Scalia made a comment that goes to the heart of something I've been pondering over the last couple of months.

The 70-year-old justice said the public, through elected legislatures _ not the courts _ should decide watershed questions such as the legality of abortion.

A couple of months ago, I read an article in the Economist that pointed out that Europe doesn't go through the heartwrenching debates concern abortion or gay rights etc. He made the point that these issues had been decided in the countries' legislative bodies and not the courts. After reading that article, I wondered if we were making a mistake.

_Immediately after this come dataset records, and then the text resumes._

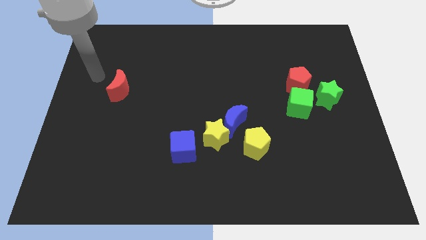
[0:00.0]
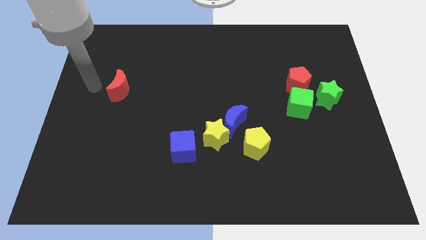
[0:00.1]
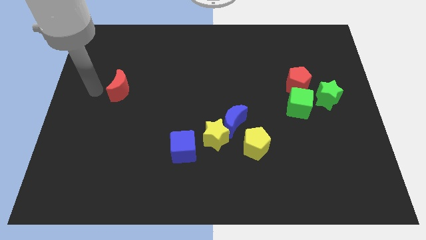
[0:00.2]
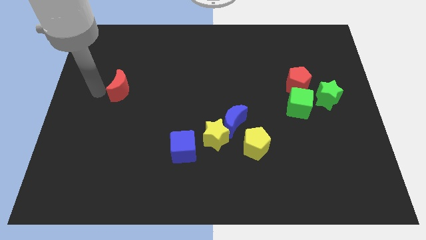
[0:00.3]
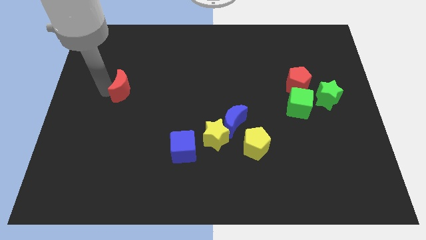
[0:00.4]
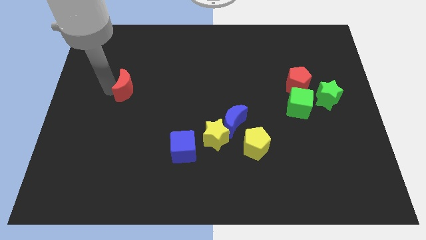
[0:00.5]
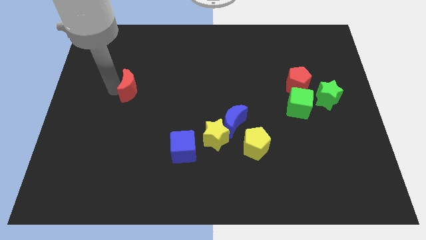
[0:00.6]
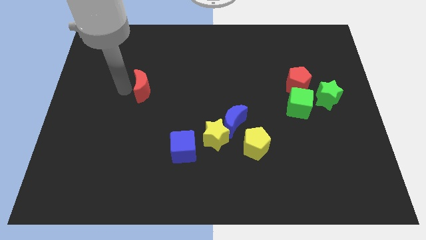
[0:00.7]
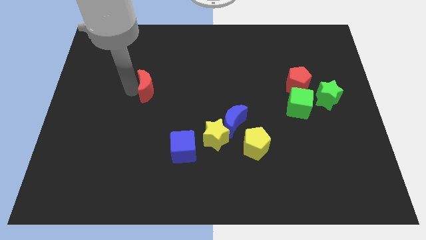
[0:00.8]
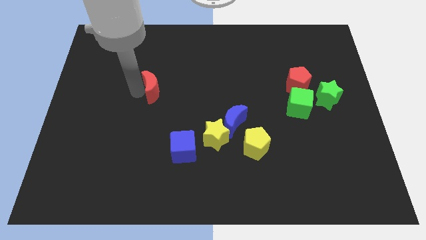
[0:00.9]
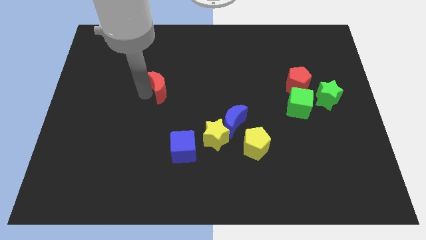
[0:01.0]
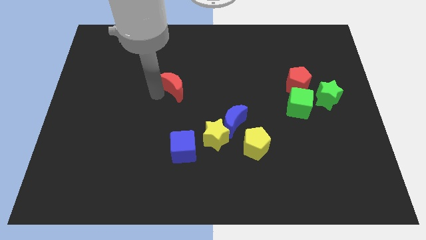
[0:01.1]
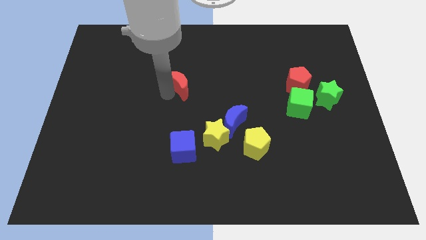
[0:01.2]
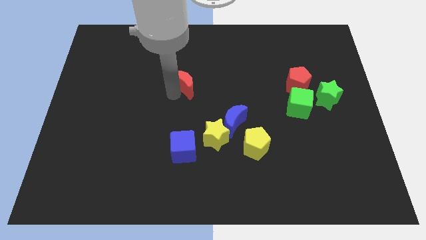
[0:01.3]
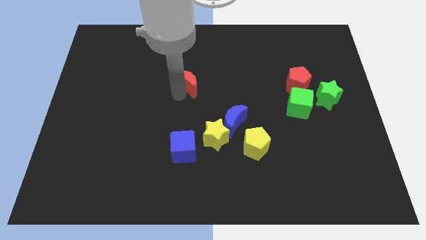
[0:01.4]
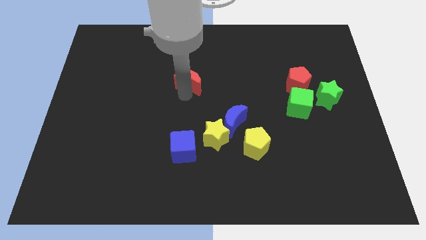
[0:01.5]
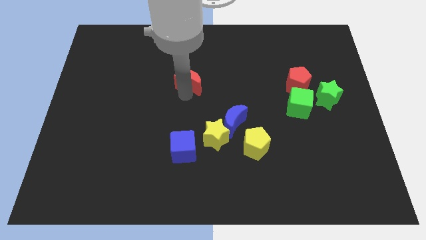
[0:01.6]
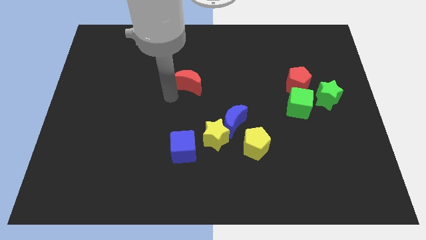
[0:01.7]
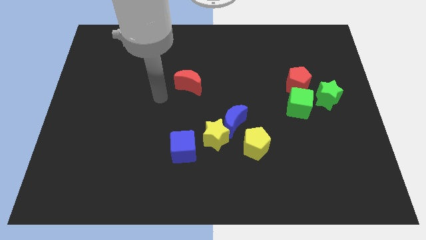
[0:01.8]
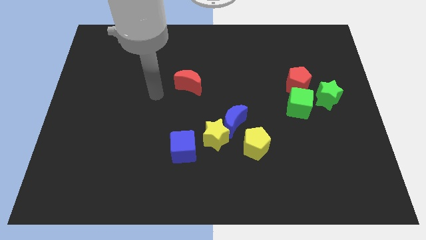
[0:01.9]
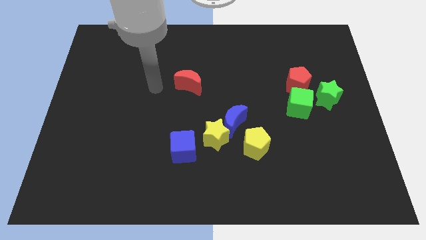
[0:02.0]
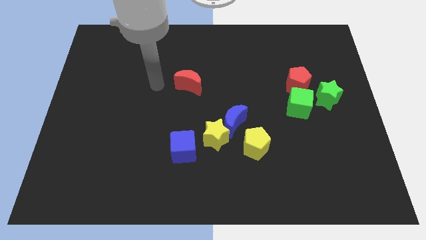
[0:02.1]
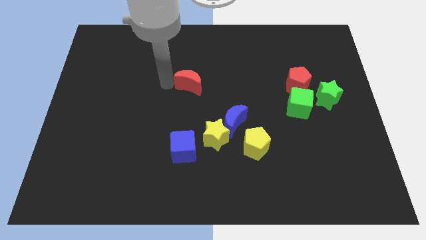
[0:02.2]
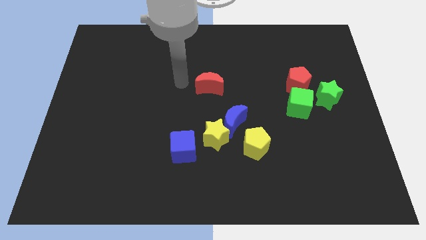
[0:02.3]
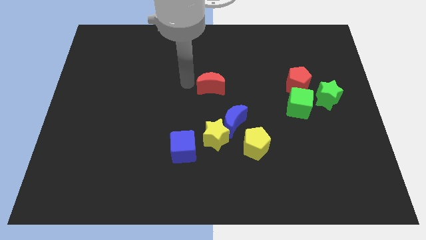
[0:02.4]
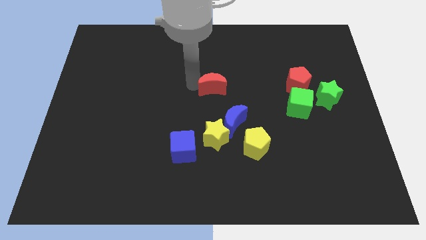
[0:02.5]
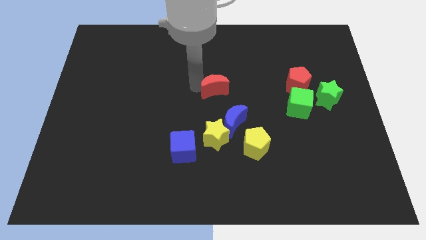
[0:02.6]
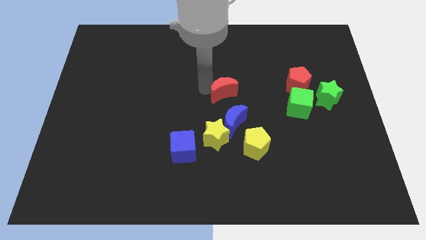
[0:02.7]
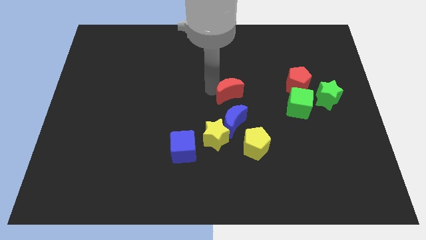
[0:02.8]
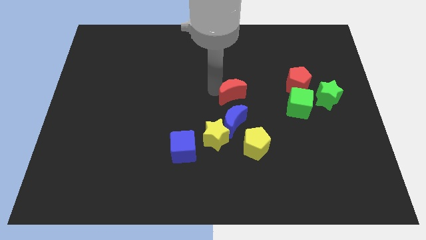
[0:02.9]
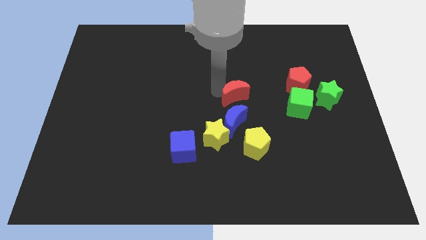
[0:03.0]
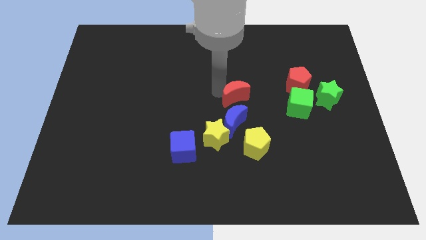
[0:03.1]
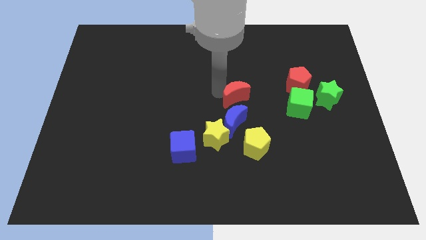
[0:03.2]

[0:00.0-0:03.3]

When a legislative body decides an issue, it is done by a representive body and has more of a finality to the issue than when it is decided by a select, unelected few.

This issue is highlighted by the actions of South Dakota regarding Abortion. South Dakota has a process in place where a law can be placed on the ballot to be overturned by gathering petitions. it is a step that I believe should be taken along with the court process. If South Dakota rejects the draconian actions of the legislature, it will IMHO carry more weight than a Supreme Court decision.

2 Comments:

At 8:25 PM, Kevin said...

The problem which Scalia sidesteps is that our elected legislatures have very rarily exhibited the courage to address civil rights issues on their own. That's why courts have so often had to step in.

That said, I agree about the value and weight of citizens stepping in and forcing the issue, as long as it's all done within the framework of our constitution and the rights it preserves for all of us regardless of race, creed, gender or whatever other distinguishing characteristic one wishes to cite. Which is to say that tyranny of the majority is an ever present danger, and one which the Founders foresaw when they wisely created the courts and made the justices unelected and lifetime terms. It's all about balance of power.

 
At 11:35 PM, Kevin Carson said...

Scalia's position demonstrates the confusion of just what Federalist Society/AEI types mean by "originalism." Deference to the original understanding of the Constitution, and deference to the will of contemporary elected legislatures, are two different things. When it comes to (say) Fourth Amendment restraints on search and seizure mean, the political judgment of Congress be damned.

Another problem with Scalia's Originalism Lite is that it's consistent with a view of executive war powers comparable to receiving a fasces from the Roman Senate. His view of the "inherent powers" of the C-in-C owe an awful lot to the kind of "judicial activism" in Quirin and Curtiss-Wright.